The job count fluctuated over the years, but at times it reached 1,500 or more employees. Reader's Digest was once a lucrative source of work. In summer 1975, the plant announced a $100 million, multiyear deal to keep producing the magazine, as it had since 1965. The site was printing about 10.5 million copies of the magazine per month. The Reader's Digest work went away in 1996.

Over the years, the plant also printed retail inserts for newspapers, brochures, a variety of magazines, and AAA Tour Books.

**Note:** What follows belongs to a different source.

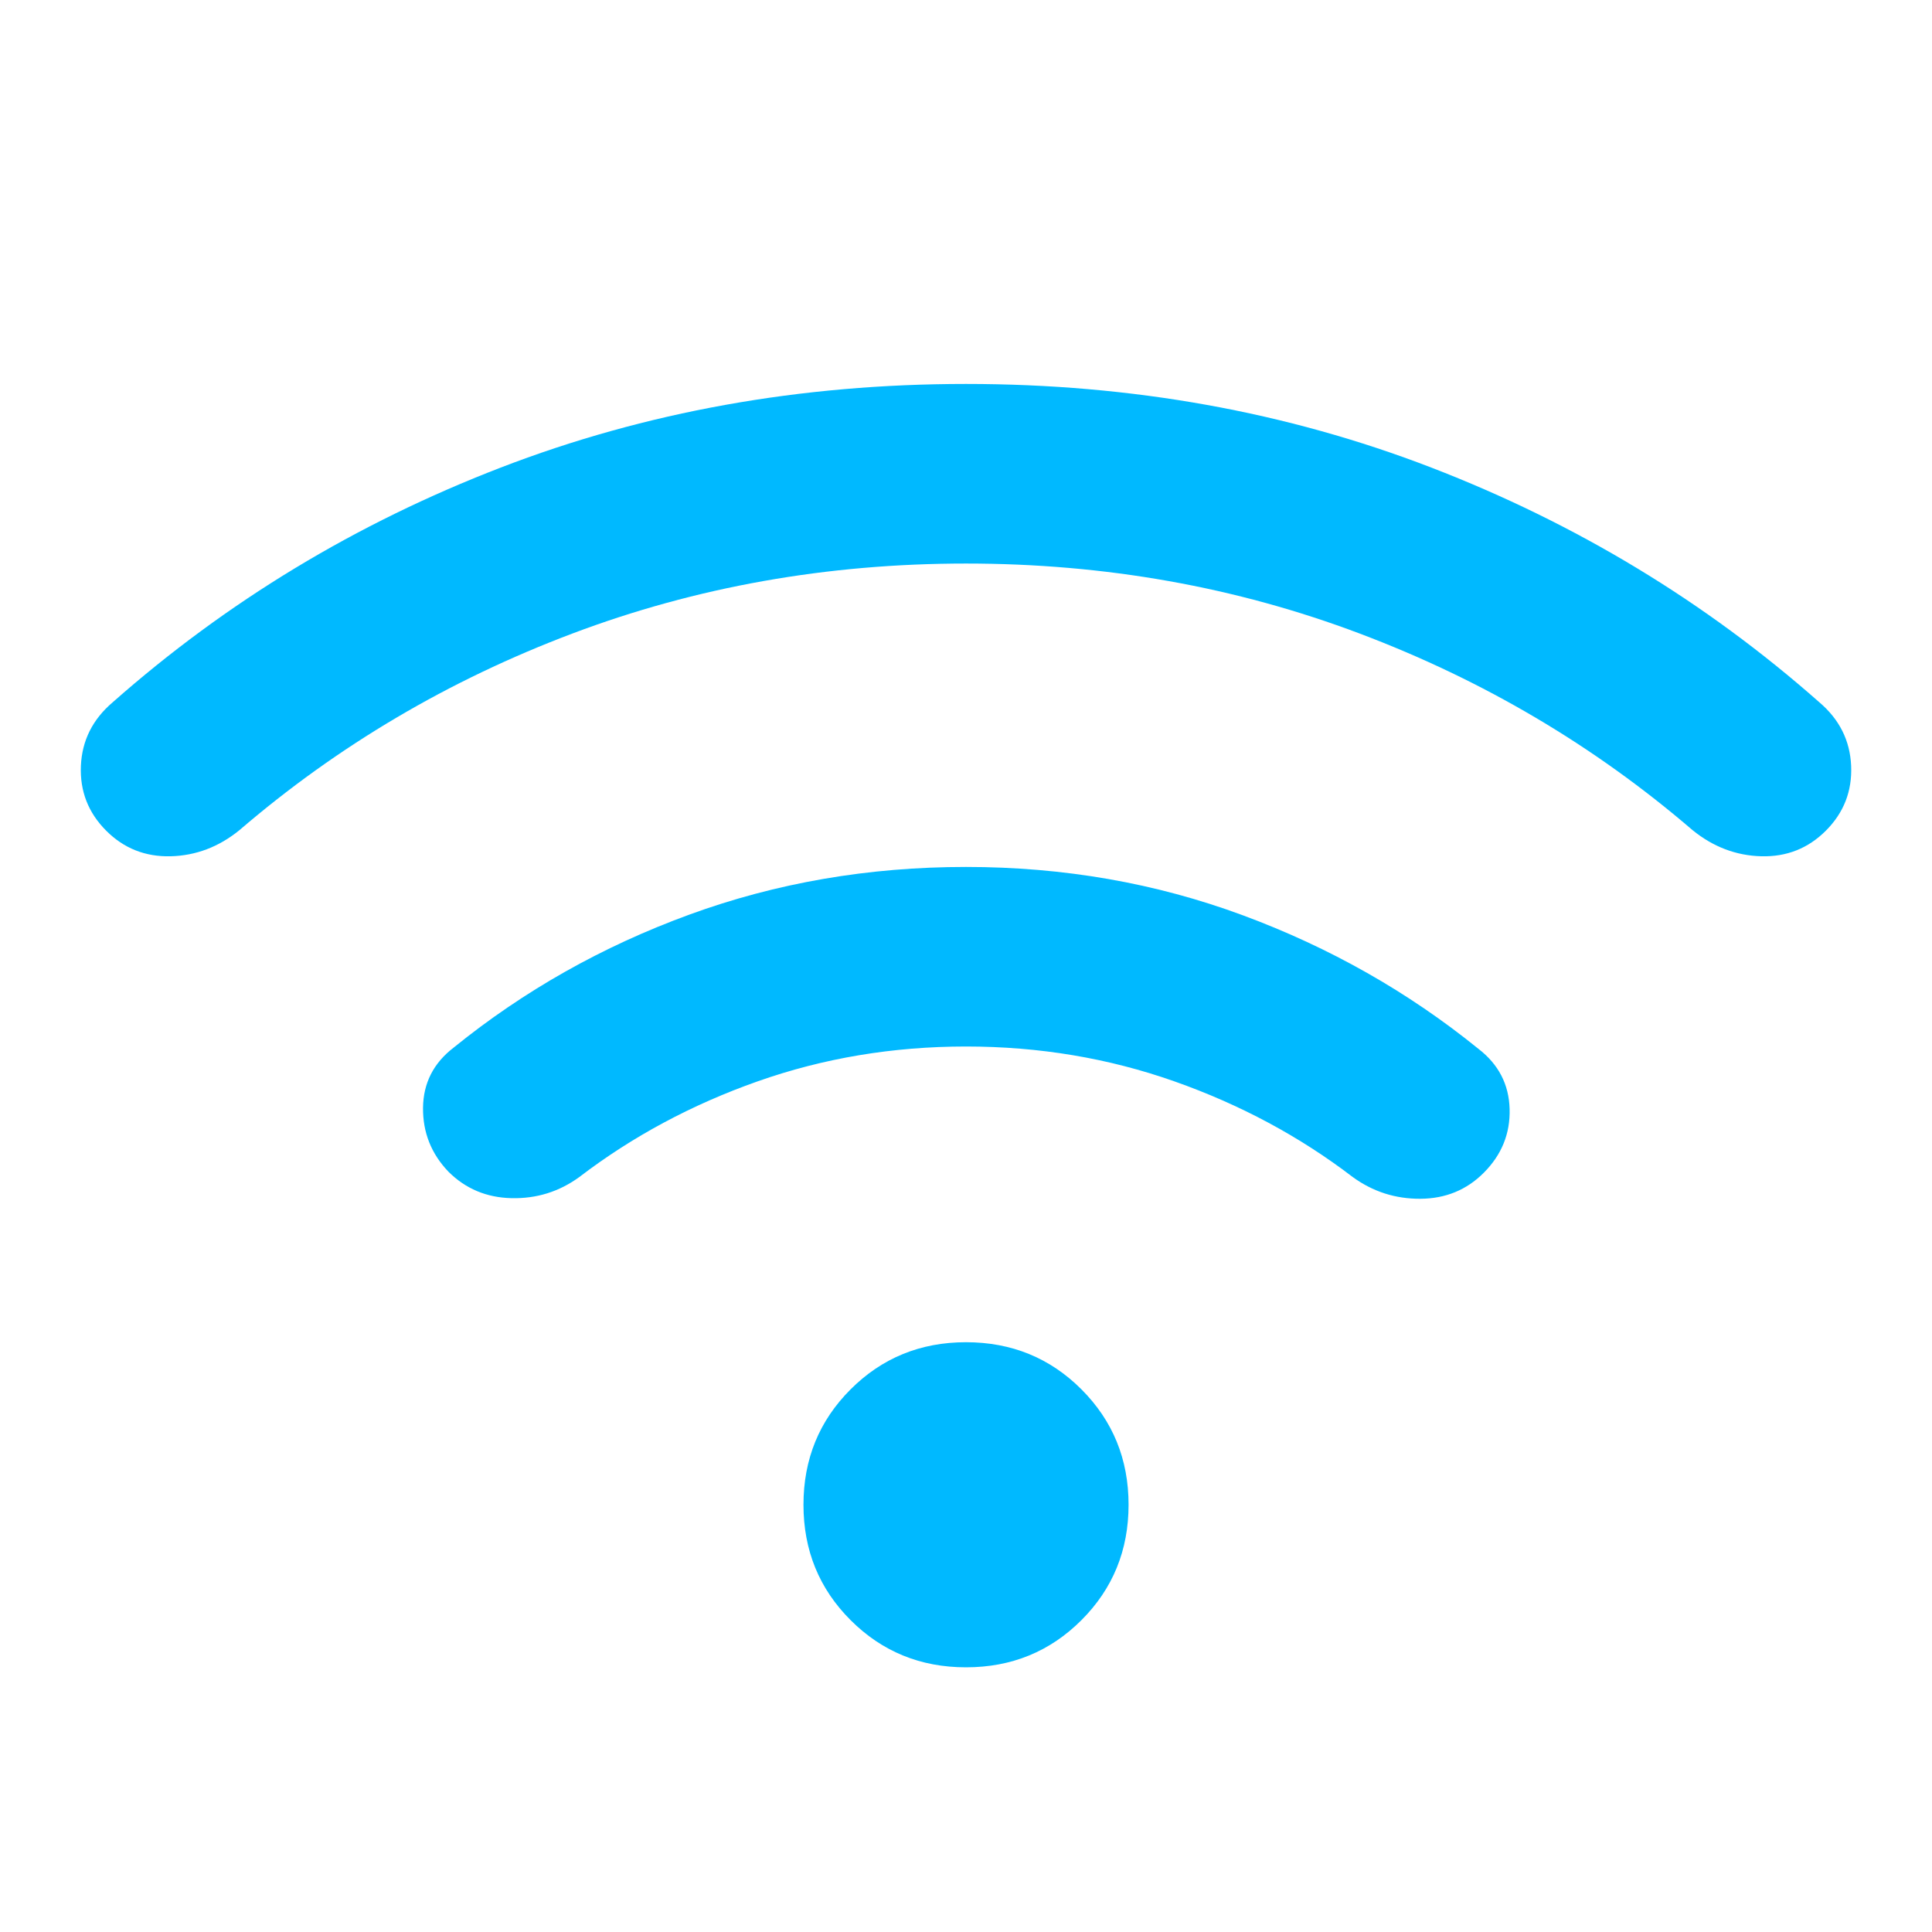 <svg width="48" height="48" viewBox="0 0 48 48" fill="none" xmlns="http://www.w3.org/2000/svg">
<path fill-rule="evenodd" clip-rule="evenodd" d="M24 41.424C22.87 41.424 21.914 41.033 21.133 40.252C20.352 39.472 19.962 38.516 19.962 37.385C19.962 36.254 20.352 35.299 21.133 34.518C21.914 33.737 22.87 33.347 24 33.347C25.131 33.347 26.087 33.737 26.868 34.518C27.648 35.299 28.039 36.254 28.039 37.385C28.039 38.516 27.648 39.472 26.868 40.252C26.087 41.033 25.131 41.424 24 41.424ZM24 21.539C26.424 21.539 28.715 21.939 30.875 22.739C33.036 23.539 34.988 24.645 36.731 26.058C37.231 26.443 37.489 26.941 37.506 27.552C37.523 28.164 37.308 28.693 36.862 29.139C36.436 29.565 35.913 29.779 35.291 29.783C34.669 29.787 34.108 29.607 33.608 29.243C32.29 28.235 30.813 27.443 29.177 26.866C27.541 26.289 25.816 26 24 26C22.185 26 20.459 26.289 18.823 26.866C17.188 27.443 15.711 28.235 14.393 29.243C13.893 29.607 13.332 29.782 12.71 29.768C12.088 29.754 11.565 29.534 11.139 29.108C10.713 28.662 10.504 28.133 10.51 27.522C10.517 26.91 10.77 26.412 11.27 26.028C13.013 24.615 14.965 23.513 17.125 22.724C19.286 21.934 21.577 21.539 24 21.539ZM24 9.539C28.116 9.539 31.97 10.232 35.564 11.618C39.157 13.004 42.37 14.947 45.2 17.447C45.7 17.872 45.964 18.399 45.991 19.027C46.018 19.656 45.808 20.193 45.362 20.639C44.923 21.078 44.39 21.289 43.762 21.274C43.134 21.258 42.563 21.041 42.05 20.624C39.612 18.529 36.856 16.901 33.783 15.741C30.71 14.581 27.449 14.001 24 14.001C20.552 14.001 17.291 14.581 14.218 15.741C11.145 16.901 8.389 18.529 5.95 20.624C5.438 21.041 4.867 21.258 4.239 21.274C3.611 21.289 3.077 21.078 2.639 20.639C2.193 20.193 1.983 19.656 2.01 19.027C2.037 18.399 2.301 17.872 2.801 17.447C5.631 14.947 8.843 13.004 12.437 11.618C16.031 10.232 19.885 9.539 24 9.539Z" fill="#00B9FF"/>
</svg>

And it churned out paperback books, millions of them. A 2008 Buffalo News story mentioned the plant had produced 270 million of mass-market paperbacks the previous year.

> A good run

The future looked bright in 1963 when J.W. Clement finished moving into its new $4.5 million plant, relocating operations of two Buffalo plants there. "I know we'll be here a long while and many other businesses will join us on the tract," said William Roesser, Clement's president, at a 1963 dinner welcoming the company to Depew.

In 1965, the Clement company was acquired by Arcata and the local plant was renamed Arcata Graphics. Quebecor Printing bought Arcata's printing plants in 1993. In 2008, the company then known as Quebecor World filed for Chapter 11 bankruptcy, and adopted the Worldcolor name after emerging in 2009. Next came Quad/Graphics.

The Depew plant was known over the years not only as a major employer, but a printing operation with the technology and capability to handle a variety of production, said Timothy Freeman, president of the Amherst-based Printing Industries Alliance.

Freeman said he sees three factors contributing to the plant's fate: chronic overcapacity in the industry; the shift toward electronic formats, such as the Kindle e-reader; and a still-uncertain economy.

The closing adds to the region's well-documented loss of manufacturing jobs. It also will leave a massive property in need of a new use.

The company is trying to help the employees find other jobs in the area or within Quad/Graphics, said Claire Ho, a company spokeswoman. "We understand we're impacting people's lives and we want to help them move forward in their careers."

Those careers won't be at the Depew plant, a source of jobs, economic spinoff and memories going back decades. For the retiree Opatkiewicz, the loss is personal. "I have a lot of friends over there."